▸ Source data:
'''
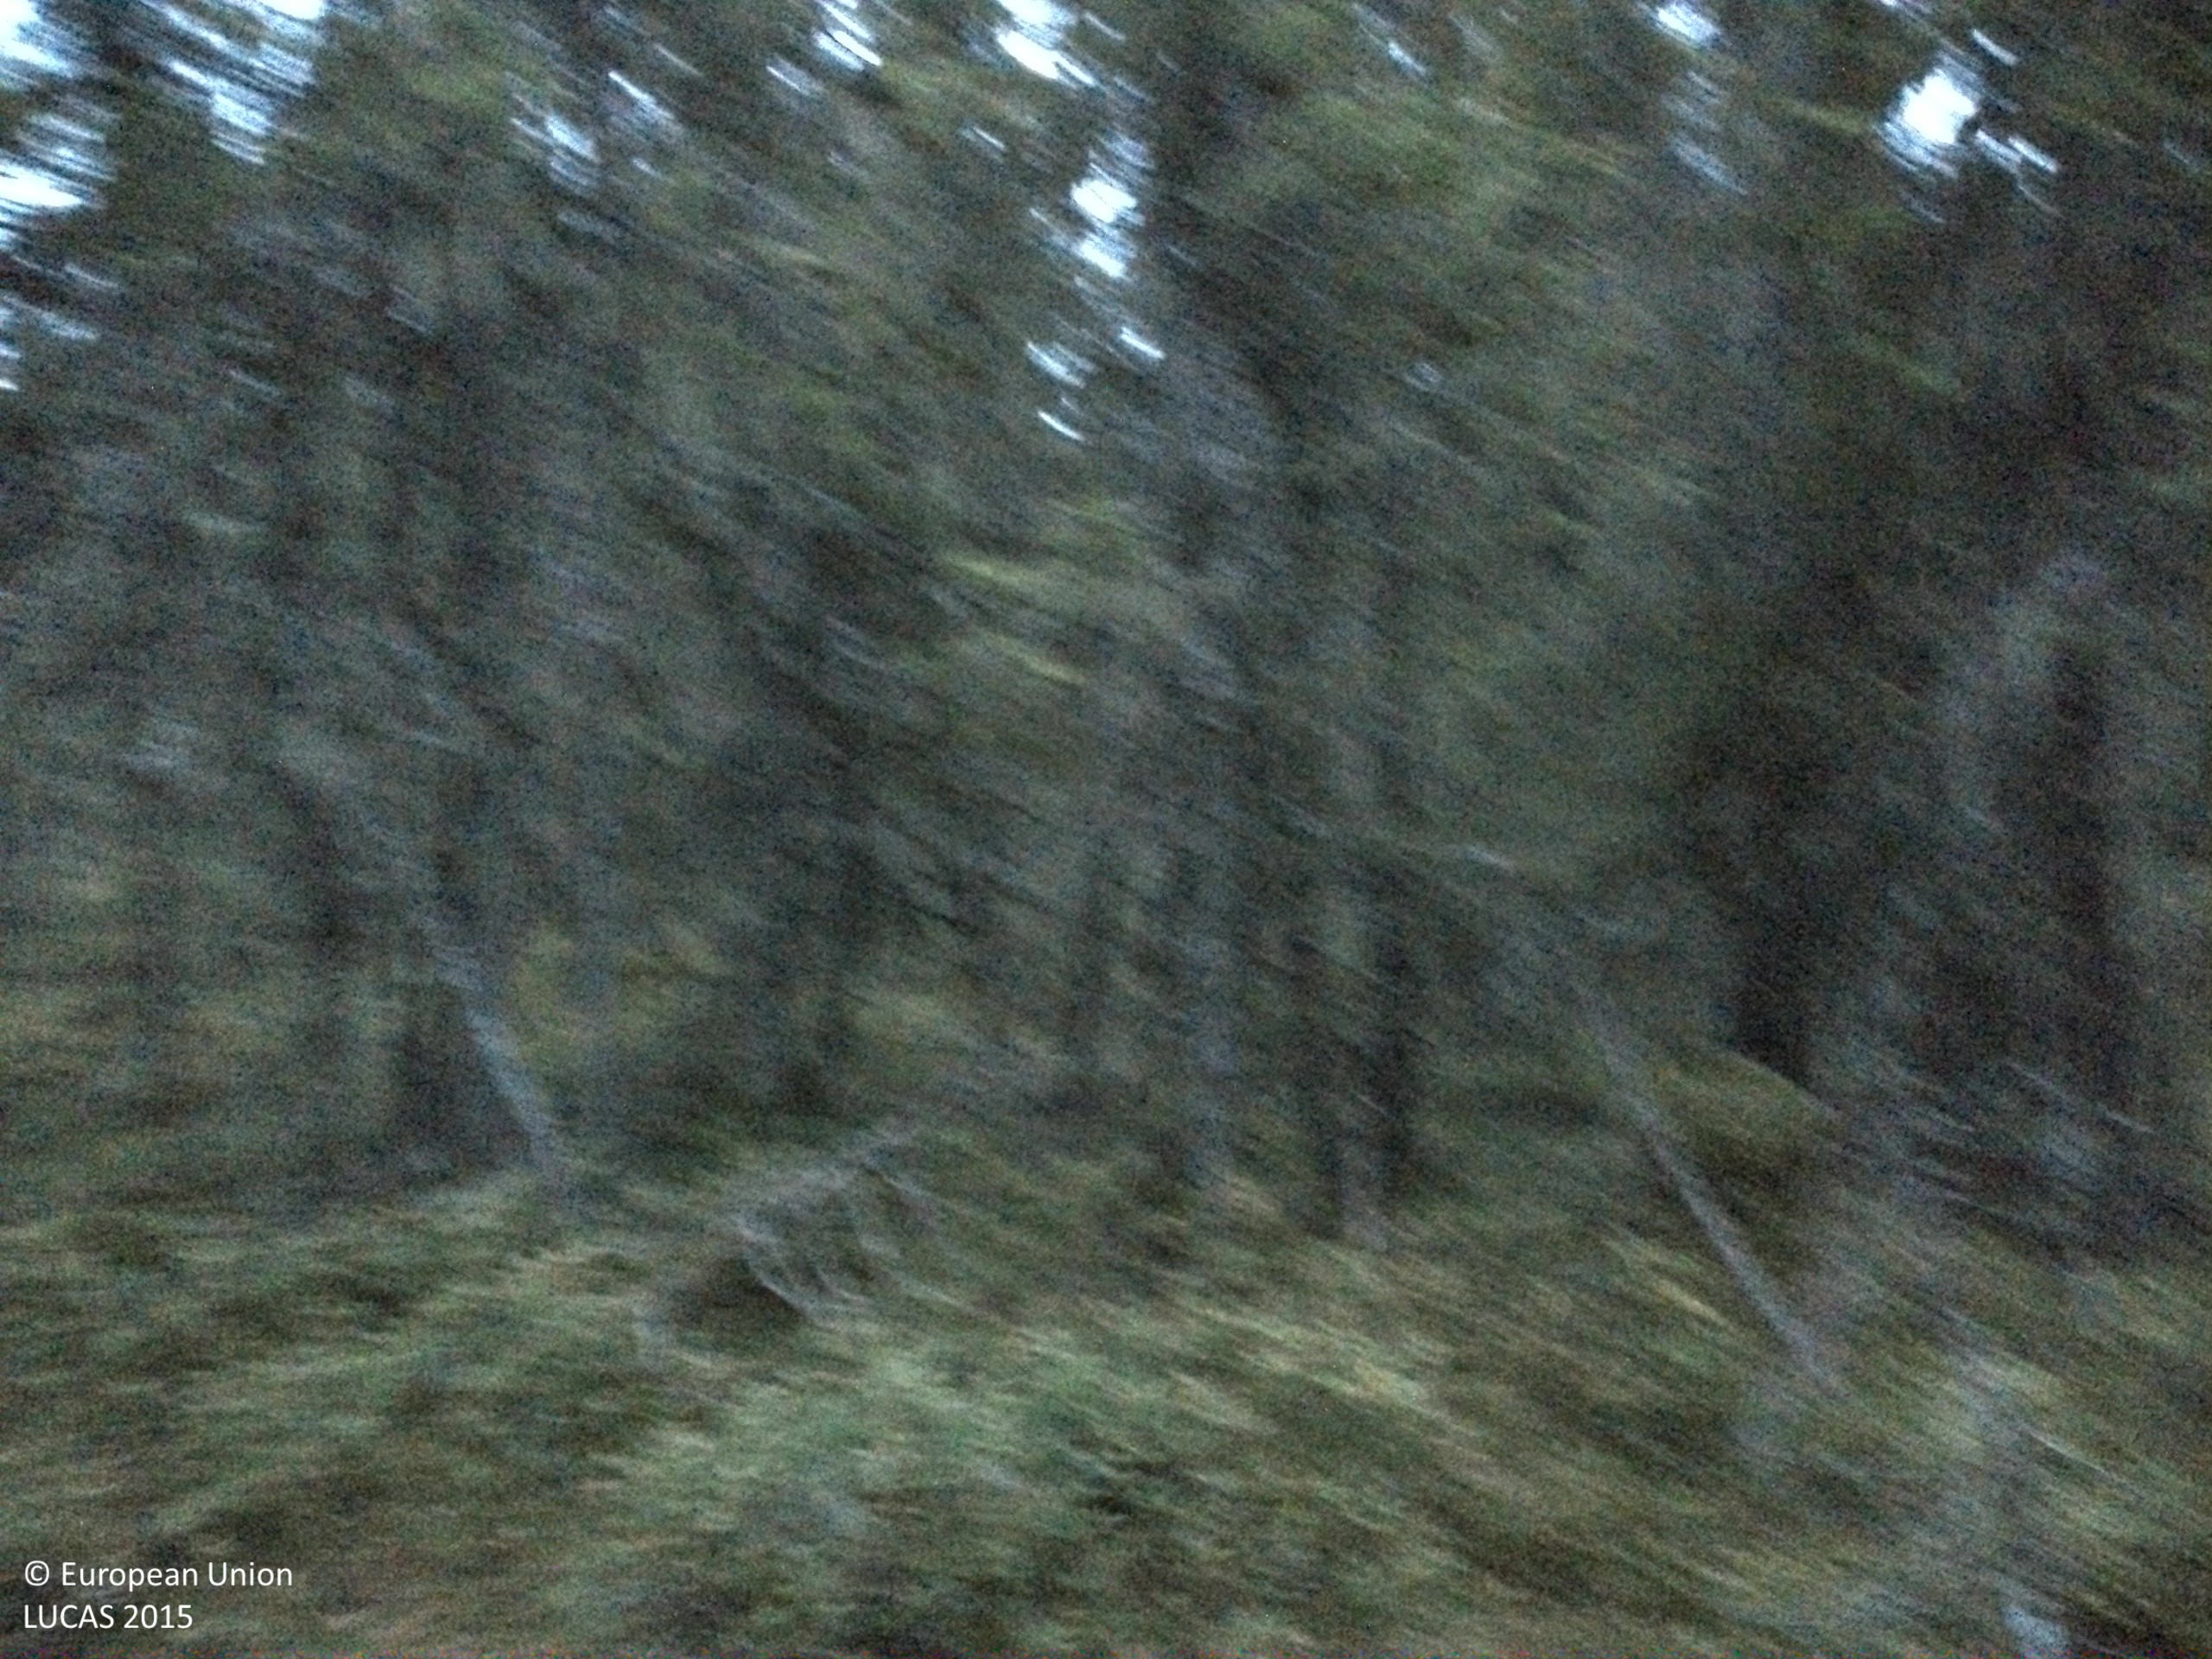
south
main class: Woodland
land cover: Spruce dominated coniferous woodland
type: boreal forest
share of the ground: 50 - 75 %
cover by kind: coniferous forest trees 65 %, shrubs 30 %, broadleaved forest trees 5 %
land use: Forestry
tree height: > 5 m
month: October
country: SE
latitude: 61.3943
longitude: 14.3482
'''
'''
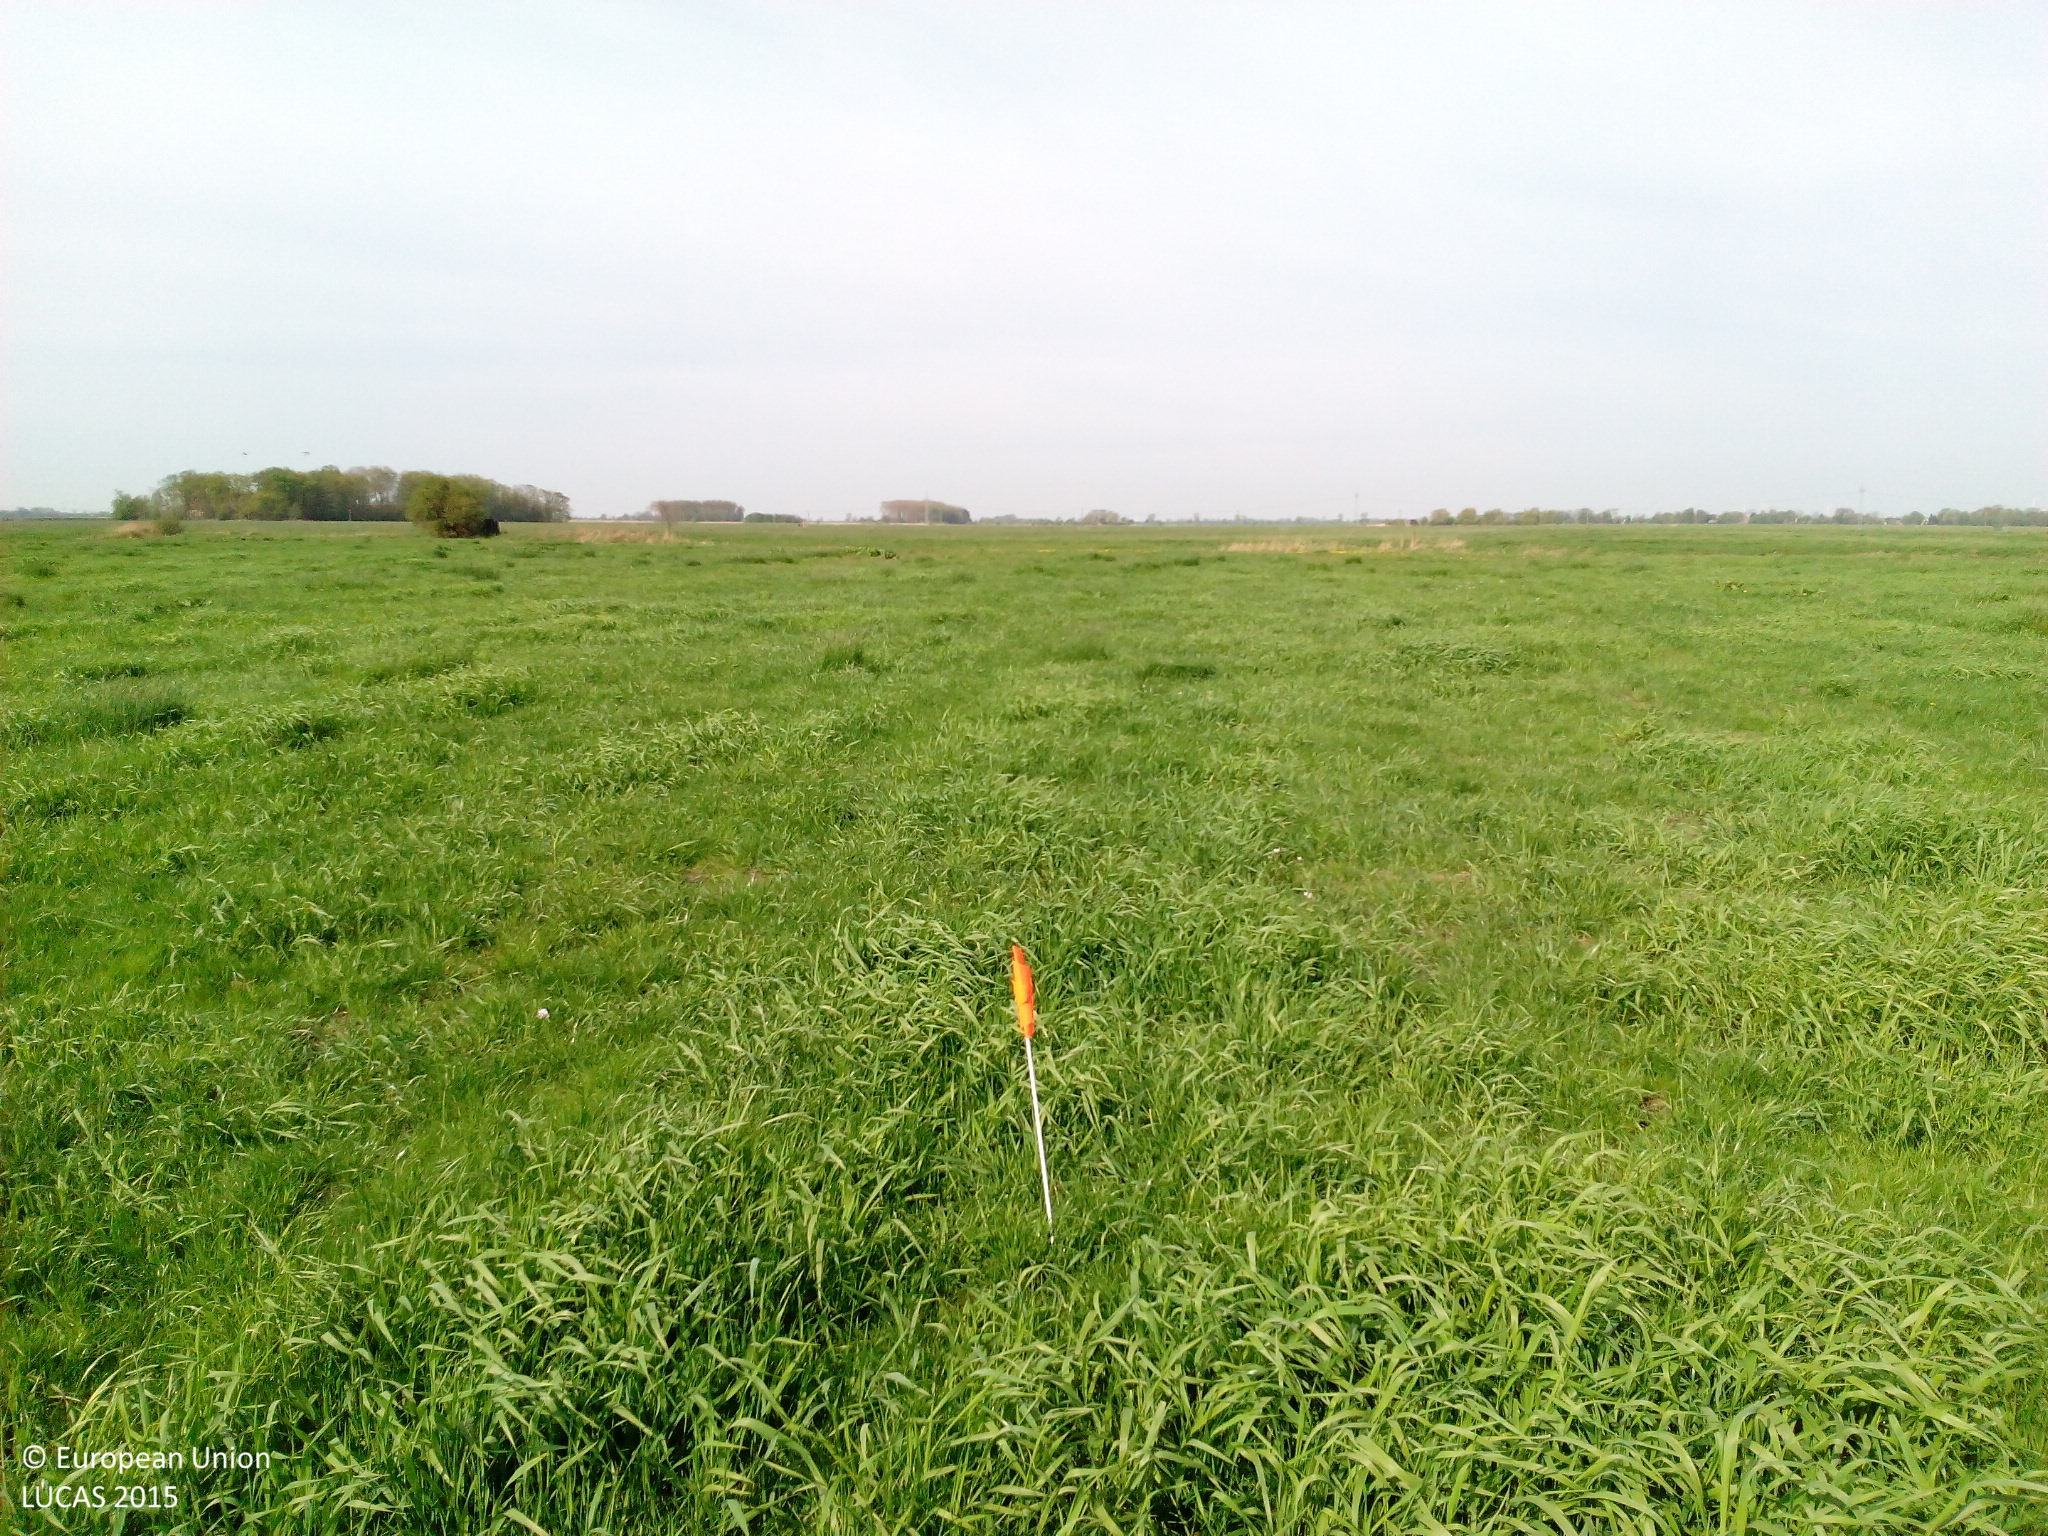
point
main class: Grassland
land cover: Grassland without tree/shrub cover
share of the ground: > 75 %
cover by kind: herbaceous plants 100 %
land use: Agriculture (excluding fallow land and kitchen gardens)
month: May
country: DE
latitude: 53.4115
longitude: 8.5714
'''
▸ WHAT TO PRODUCE: Your answer must be every line from the entries that contains the string "cover", copied as it stands.

▸ ANSWER TO THE PROBLEM:
land cover: Spruce dominated coniferous woodland
cover by kind: coniferous forest trees 65 %, shrubs 30 %, broadleaved forest trees 5 %
land cover: Grassland without tree/shrub cover
cover by kind: herbaceous plants 100 %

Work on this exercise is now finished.